Introduction
"You are a soul in heaven waiting to be allocated a life on Earth. It is late Friday afternoon, and you watch anxiously as the supply of available lives dwindles. When your turn comes, the angel in charge offers you a choice between two lives, that of the composer Joseph Haydn and that of an oyster. Besides composing some wonderful music and influencing the evolution of the symphony, Haydn will meet with success and honour in his own lifetime, be cheerful and popular, travel and gain much enjoyment from field sports. The oyster's life is far less exciting. Though this is rather a sophisticated oyster, its life will consist only of mild sensual pleasure, rather like that experienced by humans when floating very drunk in a warm bath. When you request the life of Haydn, the angel sighs, ‘I'll never get rid of this oyster life. It's been hanging around for ages. Look, I'll offer you a special deal. Haydn will die at the age of seventy-seven. But I'll make the oyster life as long as you like...’"
Roger Crisp (Mill on Utilitarianism, 1997)
Those who are wrong often take the argument described above to be a good rejoinder to utilitarianism—more specifically, to hedonism. After all, who would want to be an oyster rather than Joseph Haydn??
An oyster who looks just as happy as an oyster1.
However, rational analysis leads us inevitably to the conclusion that it’s better to be the oyster by orders of magnitude. The case for being an oyster is as overwhelming as any argument in philosophy.
Huemer Speaks Truth
This argument is a repackaging of the argument that Huemer made here. Suppose we accept the following three principles.
1 If you make every day of a person’s life better and then add new days of their life which are good at the end of their life, you make the person’s life better. This is obvious.
2 If one life has a million times higher average utility per day than another, a million times higher total utility, and more equal distribution of utility, it is a better life. This is also obvious.
3 If A>B and B>C then A>C. I’ve defended transitivity here, while insulting those who criticize transitivity.
If these are all true, then it’s better to be the oyster than Haydn.
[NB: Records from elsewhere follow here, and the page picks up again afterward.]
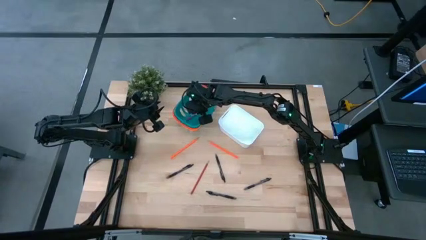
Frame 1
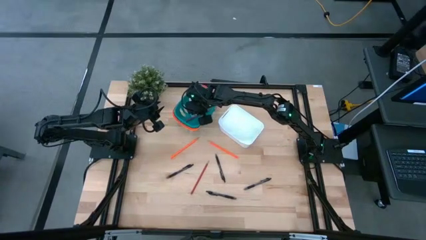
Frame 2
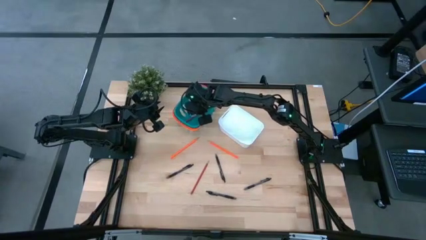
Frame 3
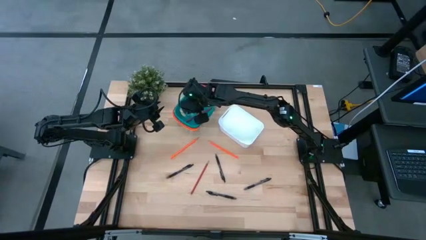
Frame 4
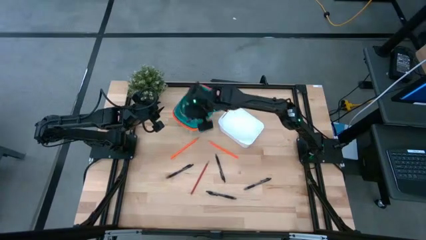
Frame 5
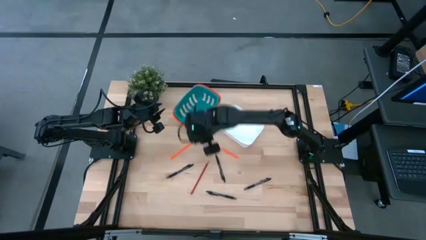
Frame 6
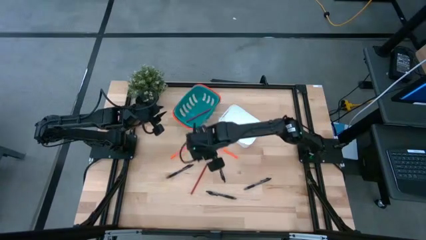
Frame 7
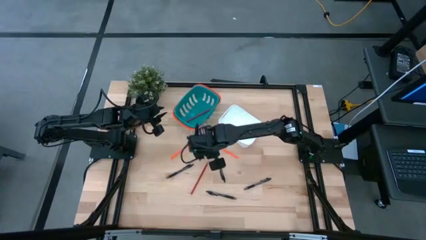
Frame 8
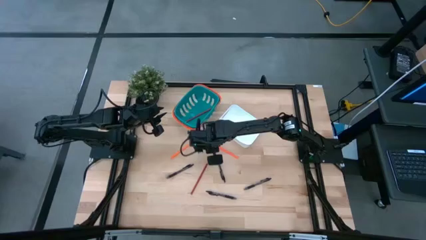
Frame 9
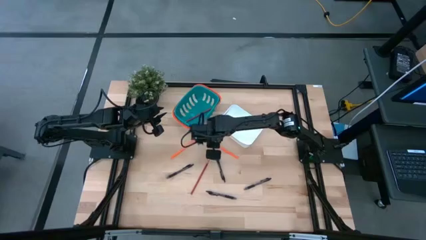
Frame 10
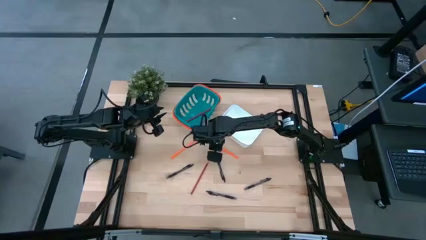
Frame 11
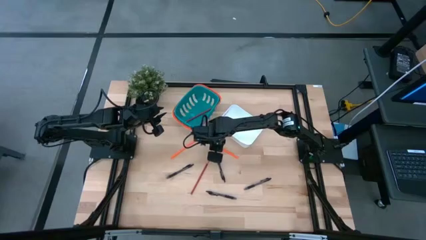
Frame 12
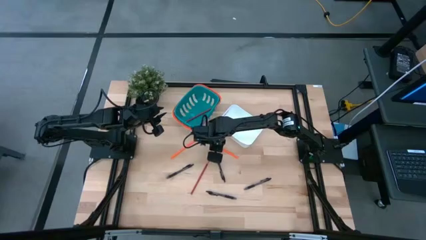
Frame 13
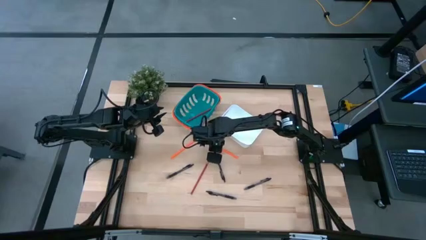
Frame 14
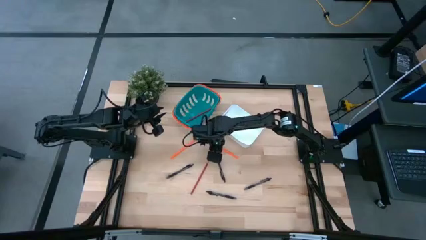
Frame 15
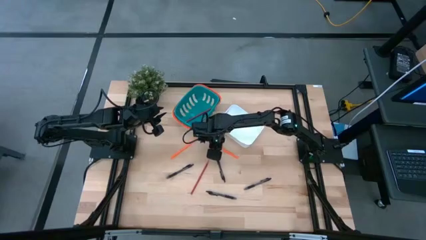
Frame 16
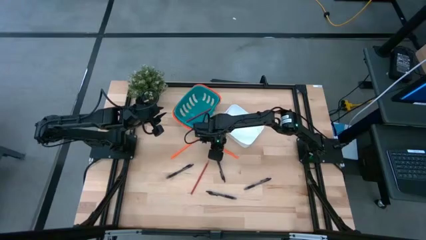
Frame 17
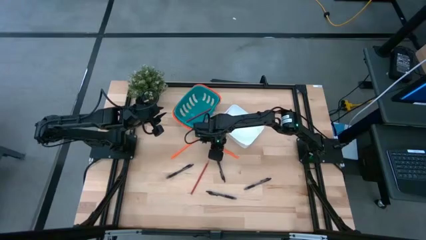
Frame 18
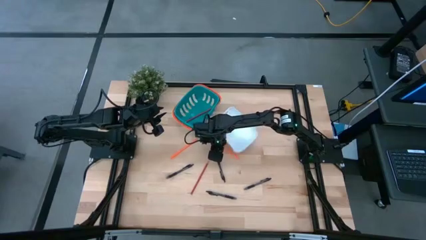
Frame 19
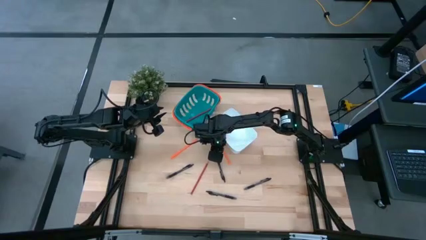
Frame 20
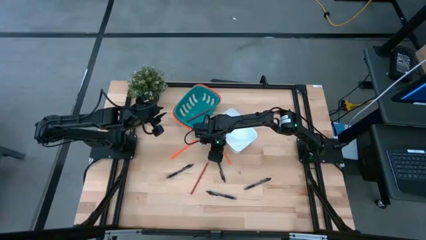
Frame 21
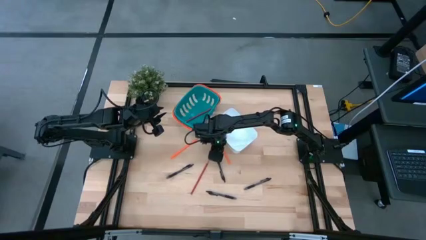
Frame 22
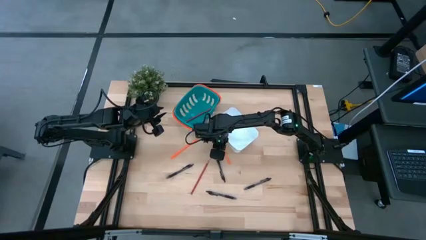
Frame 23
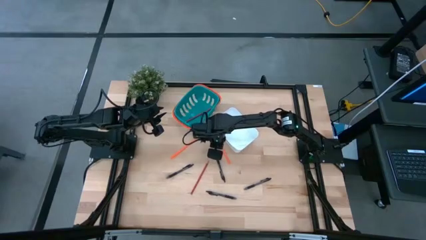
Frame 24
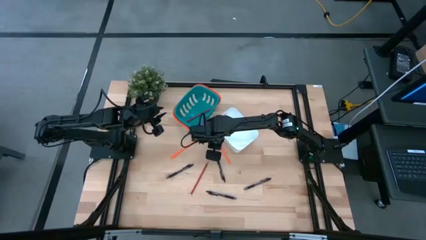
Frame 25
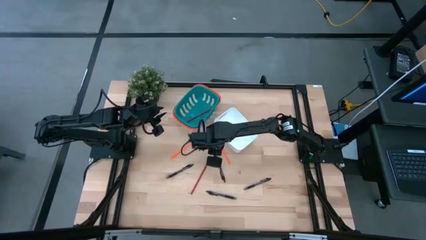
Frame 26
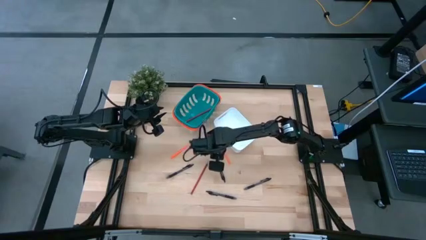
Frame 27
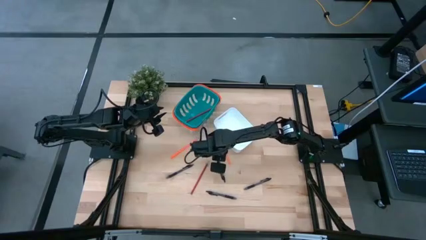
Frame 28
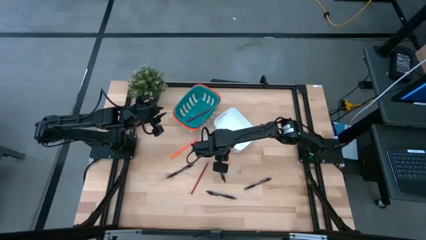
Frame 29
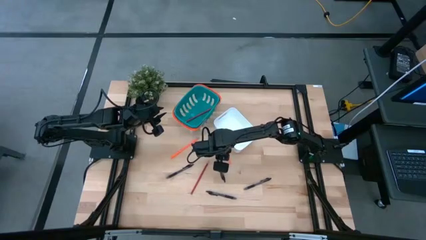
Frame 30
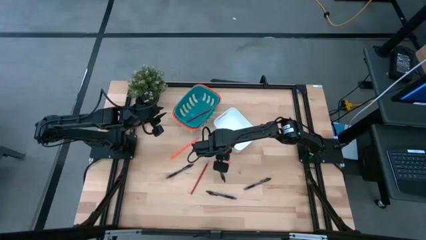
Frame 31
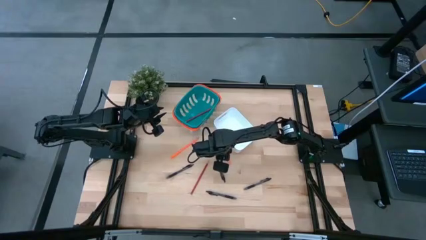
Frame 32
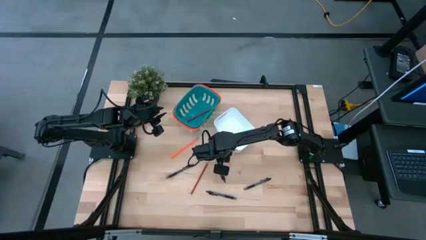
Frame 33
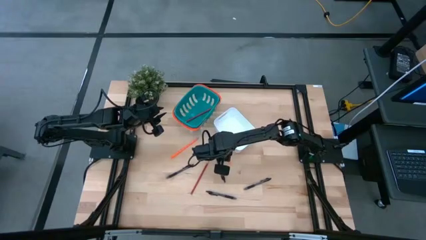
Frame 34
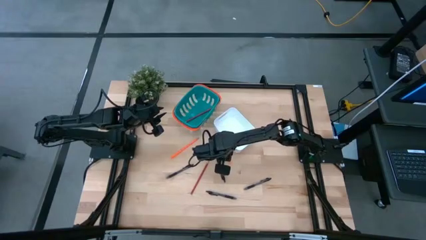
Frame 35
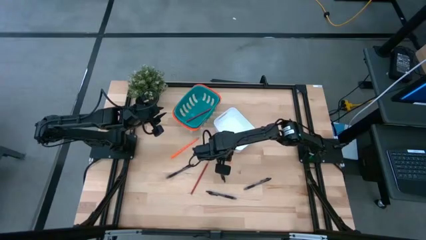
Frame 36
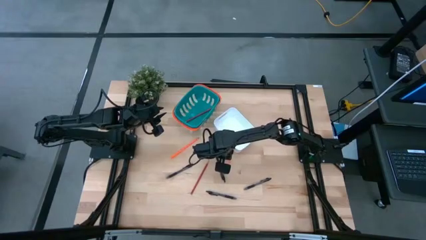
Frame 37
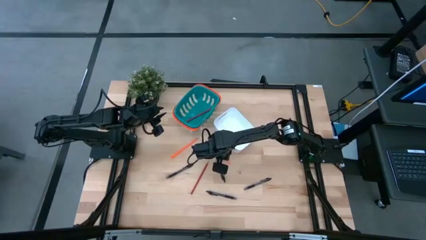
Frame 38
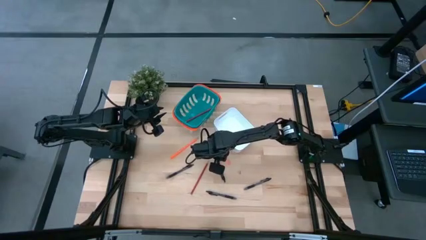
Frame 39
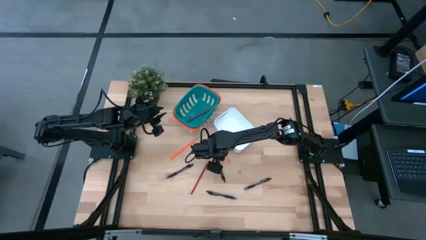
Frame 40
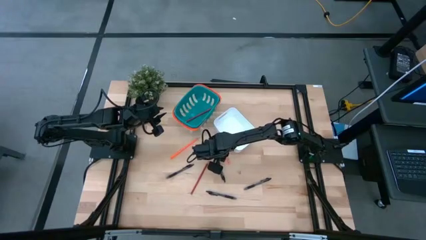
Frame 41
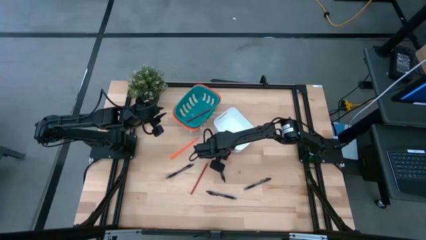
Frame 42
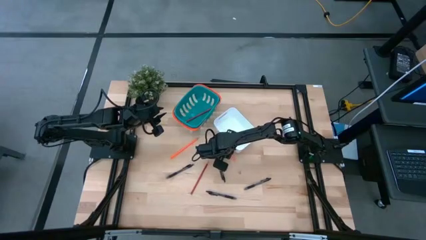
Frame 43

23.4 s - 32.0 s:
Task: Sort pens & pencils
Adjust the left orange pencil

Why is this? Well, suppose Haydn has 100,000 utility per day and the oyster has .1 utility per day. Well, Haydn’s life would be better if he had 100,010 utility for 77 years and then .00000000000000000000000000000000000001 utility per day for another 10000^10000^10000 days, by the first axiom. However, this life has utility that’s a million times lower on average, total, and less equal distribution of utility than the Oyster’s life, meaning it’s worse by the second axiom. Transitivity means that, in combination with these, the oyster life is better.
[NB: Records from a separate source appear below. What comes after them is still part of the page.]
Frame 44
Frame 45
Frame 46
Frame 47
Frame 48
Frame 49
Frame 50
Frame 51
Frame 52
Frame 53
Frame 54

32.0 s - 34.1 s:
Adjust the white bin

One2 might object, claiming that, even if the oyster is better off than Haydn in terms of utility, Haydn has a better life for non utility related reasons, because he has a beautiful wife, lots of friends, and deep satisfying relationships.
His beautiful wife
However, the relevant insight which makes this response unsuccessful is that the Oyster is not merely better off with respect to utility—it is infinitely better off with respect to utility. If one adopts any threshold at which utility can outweigh other things, then they’d have to accept that the utility is so great in this case that it outweighs any other non utility considerations.
By the proof above, being an oyster forever is better than having 100^100^100 utility per year for 100^100^100 years. However, having 100^100^100 utility per year for 100^100^100 years would be worth having 100^100 years of torment, with 100^100 units of torment per year, such that the combination of those two would be good overall. Thus, by transitivity, being an oyster forever is sufficiently good that it would outweigh the badness of 100^100 units of torment per year for 100^100 years. However, no other non utility based consideration in Haydn’s life would be worth experiencing 100^100 units of torment per year for 100^100 years—this is, after all, considerably more torment than has existed throughout all of human history. Thus, by transitivity, the oyster’s utility dwarfs all other non-utility based good things in Haydn’s life.
This conclusion, like many supporting utilitarianism, has been derivable from some very basic, intuitive axioms. Surely the axioms appealed to above, particularly when combined with the considerations that will be presented later in this article, will outweigh in strength the intuition appealed to by Crisp.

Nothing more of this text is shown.